An emergency brake, says this "think tank", would be targeted at flows of new EU migrants not the existing stocks, aimed at "destabilising flows". This, though, it says, remains a vague term that could mean many different things, and pinning down a precise meaning could prove incredibly tricky.

However, that is to accept the Open Europe characterisation, allowing it to frame the debate. What they skate past is the volume issue where, as we saw recently, net long-term migration to the UK was estimated to be 260,000 in the year ending June 2014, up from 182,000 in the previous 12 months.

That alone is sufficient to apply the brake, and that is a perfectly legitimate application for the measure. The real questions are how and under what circumstances it should be applied. And it is here that Open Europe have no suggestions, and only difficulties to offer.

In fact, it is indeed very difficult to apply. In a country where we have 34 million overseas visitors annually, and visa-free access from EU member states, it would not be possible to exclude visitors.

Once in the country, it would then be very difficult to exclude them from the workforce. There exclusion would be determined only by their date of entry, and there is currently no ready means of identifying when individuals entered the country. Should they apply for a National Insurance number, they would have to be given.

On that basis, an "emergency brake" would look to be unrealistic. But there again, this applies to the current state of the art. Already it is being proposed that entry and exit records are kept, whence it would be quite possible to exclude particular nationals from the legitimate workforce. Simply, they would not be issued with NI numbers.

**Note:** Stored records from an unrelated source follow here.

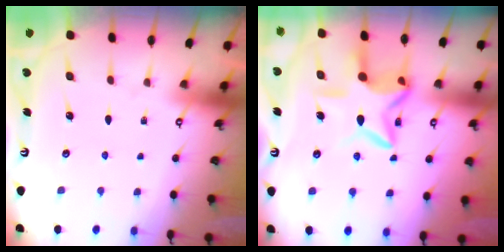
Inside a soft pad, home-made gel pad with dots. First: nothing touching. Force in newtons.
{"total": 11.2, "press": 11.1, "slide": 1.5}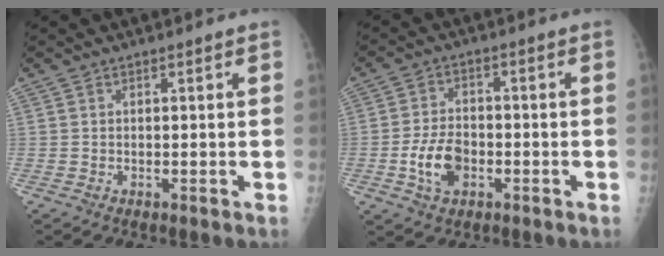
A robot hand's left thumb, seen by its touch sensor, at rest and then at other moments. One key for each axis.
{"total": 7.5, "fx": -2.4, "fy": 4.9, "fz": 5.2, "tx": -0.088, "ty": 0.015, "tz": -0.044}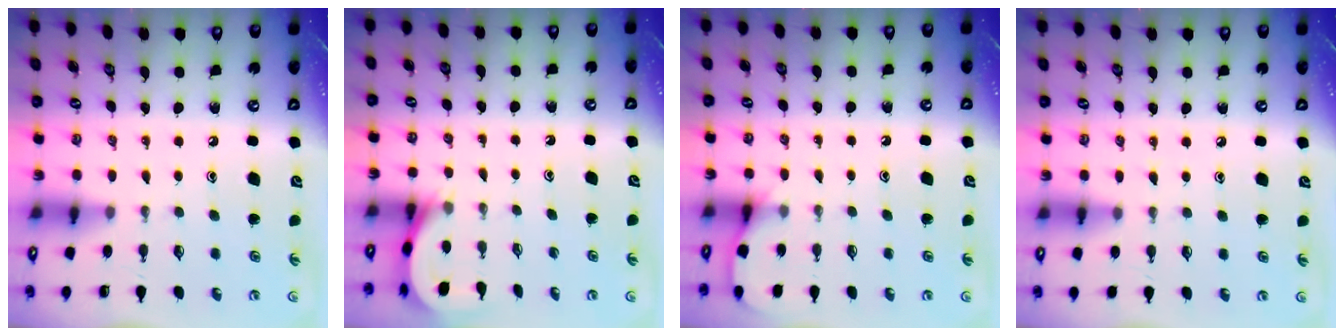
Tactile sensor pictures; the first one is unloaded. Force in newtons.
{"total": 3.8, "press": 3.8, "slide": 0.4}
{"total": 5.7, "press": 5.7, "slide": 0.7}
{"total": 3.9, "press": 3.9, "slide": 0.5}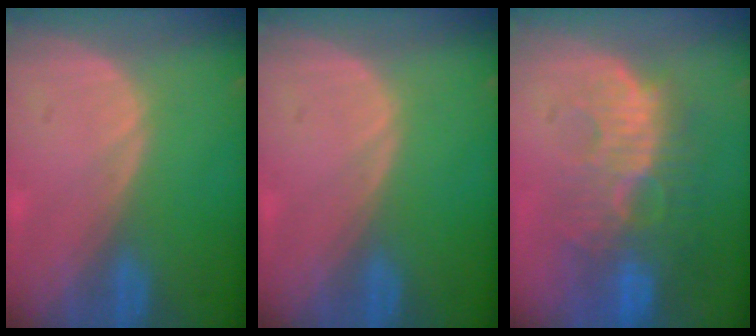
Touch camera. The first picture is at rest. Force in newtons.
{"total": 0.0}
{"total": 11.0, "press": 9.7, "slide": 5.3}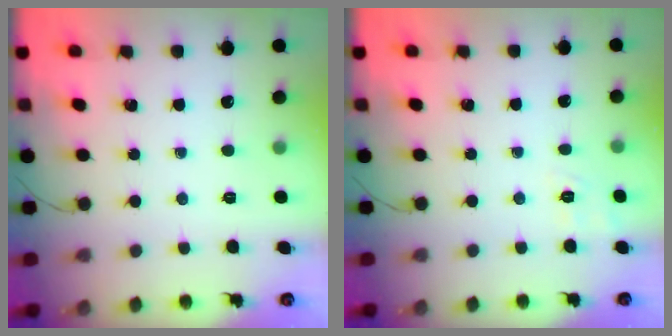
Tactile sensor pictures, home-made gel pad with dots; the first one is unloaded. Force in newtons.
{"total": 3.1, "press": 2.4, "slide": 1.9}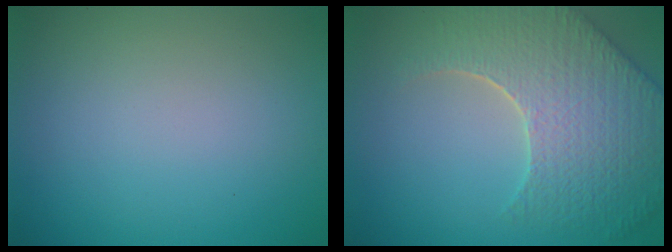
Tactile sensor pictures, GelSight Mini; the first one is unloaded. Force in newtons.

Similarly, there is already a measure coming into force, via the Immigration Act 2014 which prevents private landlords renting accommodation to illegal immigrants.

Similarly, the government has produced a legal right to work database, which could be adapted to take on new categories of foreign nationals. Mandatory checks should reduce drastically the number of workers employed without entitlement.

Open Europe, nevertheless argue that it is very difficult to codify objective criteria for pulling an emergency brake. But that is not the case. A simple quota, to regulate the overall flow, is a perfectly objective criterion. And as long as the infrastructure is in place, it is possible to exclude individuals from specific countries.

Illegal immigrants, of course, will remain a problem, but again an improved infrastructure goes some way towards reducing the problem.

The complex adjustments, though, are worth making. The British public needs the assurance that there is a top limit on the annual inflow of immigrants, and that means having an overall limit and the means of enforcing it. 

The EEA "emergency brake" is the means of setting that limit. Enforcement is another issue, but it is solvable. Open Europe is wrong to reject the "emergency brake" option. The only problem is that we have to leave the EU to be able to use it - but that is a problem I am sure I can live with.